Published:
*Nash Put* Nos. 13 and 14, September 8 and 10, 1913.
Signed: *V. Ilyin*.
Published according to the *Nash Put* text.

Source:
*Lenin
Collected Works*,
Progress Publishers,
1977,
Moscow,
Volume 19,
pages 358-363.

Translated: The Late George Hanna

Transcription\Markup:
R. Cymbala

Public Domain:
Lenin Internet Archive
(2004).
You may freely copy, distribute,
display and perform this work; as well as make derivative and
commercial works. Please credit “Marxists Internet
Archive” as your source.
• README

It is well known that particularly in 1905 and after factory workers’ wages throughout Russia soared. The factory inspectors’ reports say that the average wages of factory workers in Russia for the five years 1901–05 were 206 rubles and for the following five years, 1906–10, were 238 rubles.

The wages of workers in Moscow Gubernia are somewhat below the average for Russia. According to Factory Inspector Kozminykh-Lanin, they averaged 201 rubles in the 1901–05 period and 235 rubles for the succeeding four years, 1906–09.

As a result of 1905, therefore, the wages per worker in Moscow Gubernia
increased by an average of 34 *rubles*, i.e., by almost 17
per cent. Estimating the number of factory workers in Moscow Gubernia at
between 300,000 and 350,000, this constitutes a total *annual* gain
for all workers of something like *11,000,000 rubles*.

We see that the sacrifices made by the workers during the strikes of 1905 have been repaid by a considerable improvement in their economic position.

Although the victory of the June Third system, i.e., the counter-revolutionary system, led to the withdrawal of a number of the workers’ gains, capital did not succeed in reducing workers’ wages to the former low level. Workers’ wages in Moscow Gubernia averaged about 200 rubles from 1901 to 1905, fluctuating between 197 rubles (1902) and 203 rubles (1905). In 1906, when the results of 1905 first made themselves felt, wages rose to 228 rubles, and in 1907 to 237 rubles; in 1908 there was a slight drop (236.5 rubles) and in 1909 they again rose to 237 rubles.

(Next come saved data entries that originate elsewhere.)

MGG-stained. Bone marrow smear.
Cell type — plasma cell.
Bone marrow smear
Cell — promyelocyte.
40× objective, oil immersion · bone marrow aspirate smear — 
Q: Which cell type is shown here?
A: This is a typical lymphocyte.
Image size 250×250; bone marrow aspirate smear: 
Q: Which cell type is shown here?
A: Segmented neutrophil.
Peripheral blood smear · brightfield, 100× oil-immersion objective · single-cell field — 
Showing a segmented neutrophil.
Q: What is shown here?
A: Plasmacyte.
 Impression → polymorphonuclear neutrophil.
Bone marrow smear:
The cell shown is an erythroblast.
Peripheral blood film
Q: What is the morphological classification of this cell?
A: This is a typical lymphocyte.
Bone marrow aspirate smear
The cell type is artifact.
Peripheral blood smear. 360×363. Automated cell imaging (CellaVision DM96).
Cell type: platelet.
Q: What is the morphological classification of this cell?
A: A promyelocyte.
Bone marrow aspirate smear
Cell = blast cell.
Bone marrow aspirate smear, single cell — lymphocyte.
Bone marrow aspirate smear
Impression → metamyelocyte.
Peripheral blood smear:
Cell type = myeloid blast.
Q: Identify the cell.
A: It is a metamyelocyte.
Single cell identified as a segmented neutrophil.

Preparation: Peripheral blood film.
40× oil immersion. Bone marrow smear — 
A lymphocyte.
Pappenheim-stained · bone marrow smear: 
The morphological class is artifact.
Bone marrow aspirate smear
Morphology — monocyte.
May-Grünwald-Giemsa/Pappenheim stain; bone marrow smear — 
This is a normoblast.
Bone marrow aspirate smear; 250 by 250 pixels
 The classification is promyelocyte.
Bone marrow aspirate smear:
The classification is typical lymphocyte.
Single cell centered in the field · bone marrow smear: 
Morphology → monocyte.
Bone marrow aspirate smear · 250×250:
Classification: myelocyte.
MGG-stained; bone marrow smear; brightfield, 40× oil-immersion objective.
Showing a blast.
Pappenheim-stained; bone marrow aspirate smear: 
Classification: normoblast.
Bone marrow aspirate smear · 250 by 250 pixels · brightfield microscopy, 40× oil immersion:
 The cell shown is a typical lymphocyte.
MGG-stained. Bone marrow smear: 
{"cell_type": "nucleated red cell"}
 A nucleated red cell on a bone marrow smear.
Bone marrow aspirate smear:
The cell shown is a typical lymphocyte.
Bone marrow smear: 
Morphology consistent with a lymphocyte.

The figures show that without the gains of 1905–06 the workers would have been subjected to intolerable poverty since the cost of living has been rising throughout the past decade.

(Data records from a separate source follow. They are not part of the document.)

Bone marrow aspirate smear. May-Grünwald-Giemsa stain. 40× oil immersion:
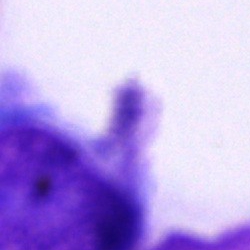

Showing an artifact.
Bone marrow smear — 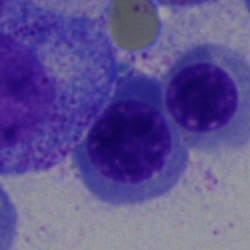
The cell shown is a normoblast.
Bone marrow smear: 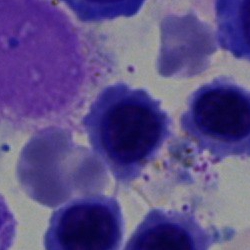

Impression — nucleated red blood cell.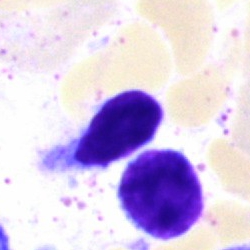

Q: Identify the cell.
A: A typical lymphocyte.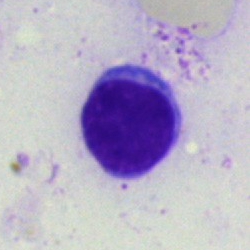Q: Which cell type is shown here?
A: It is a typical lymphocyte.
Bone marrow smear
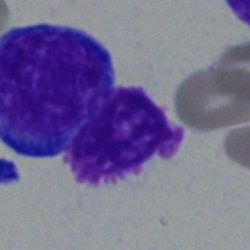
Morphology — typical lymphocyte.
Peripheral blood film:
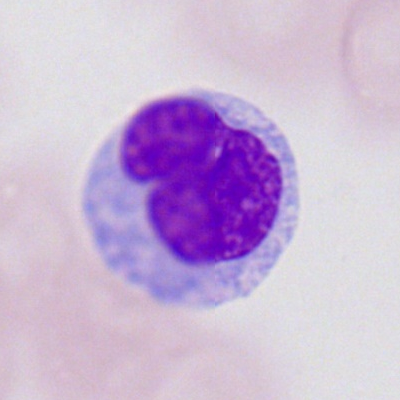 Q: Identify the cell.
A: Monocyte.
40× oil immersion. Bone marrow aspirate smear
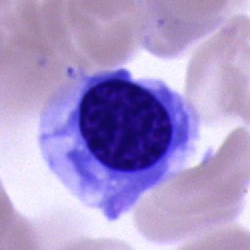 Cell type: erythroblast.
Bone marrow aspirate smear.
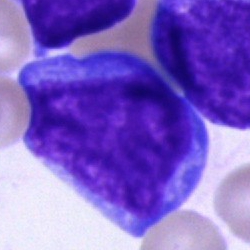 The cell shown is a blast.
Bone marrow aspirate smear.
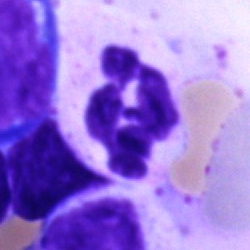

Q: Which cell type is shown here?
A: Neutrophil (segmented).
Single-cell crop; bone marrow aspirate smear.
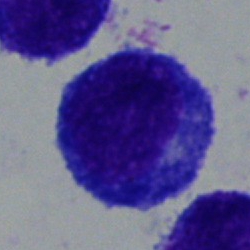
The cell type is progranulocyte.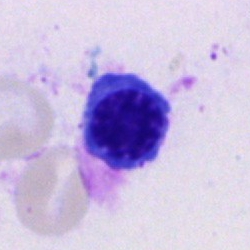Morphology — nucleated red blood cell.
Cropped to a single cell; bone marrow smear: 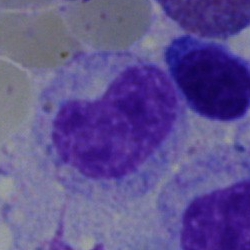
Specimen: bone marrow smear.
Cell: monocyte.
Lineage: myeloid.
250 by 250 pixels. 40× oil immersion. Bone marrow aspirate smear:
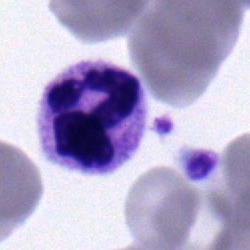

Morphology → segmented neutrophil.
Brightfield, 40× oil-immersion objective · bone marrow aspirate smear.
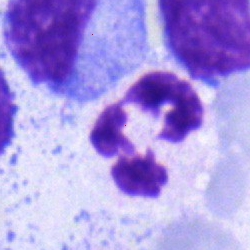

Specimen: bone marrow smear.
Cell: segmented neutrophil.
Lineage: myeloid.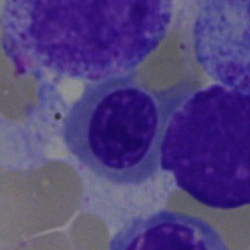Cell = erythroblast.
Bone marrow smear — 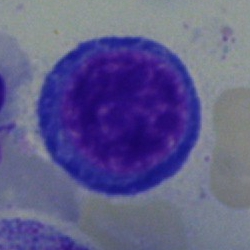A pronormoblast.
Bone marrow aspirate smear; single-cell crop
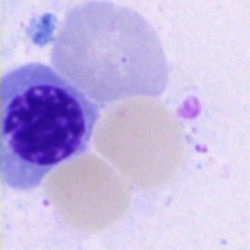

Erythroblast.
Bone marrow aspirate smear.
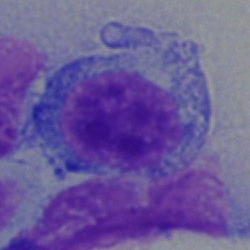
Q: What is the morphological classification of this cell?
A: A lymphocyte.

Wages at the bigger factories in Moscow Gubernia are, as a rule, higher than those paid at the smaller establishments. The textile workers, who constitute 68 per cent, i.e., more than two–thirds, of the total number of factory workers in our gubernia, received the following average annual wages for the year 1909.

Rubles | Per cent | |
---|---|---|

Factories employing more than 1,000 workers . . | 219 | 100 |

” ” from 501 to 1,000 ” . . | 204 | 93 |

” ” ” 101 ” 500 ” . . | 197 | 90 |

” ” ” 51 ” 100 ” . . | 188 | 86 |

” ” ” 21 ” 50 ” . . | 192 | 88 |

” ” ” 2O or less ” . . | 164 | 75 |

Totals |
211 | 96 |

The bigger the factory, the higher the wages. The same is to be found among the metalworkers. It is easier for the workers at a big factory to unite, repulse the capitalist and uphold their own demands collectively. To catch up with their more advanced comrades the workers in small factories and workshops must unite more strongly in associations (trade union, educational, co-operative and others) and rally more closely around their working-class newspaper.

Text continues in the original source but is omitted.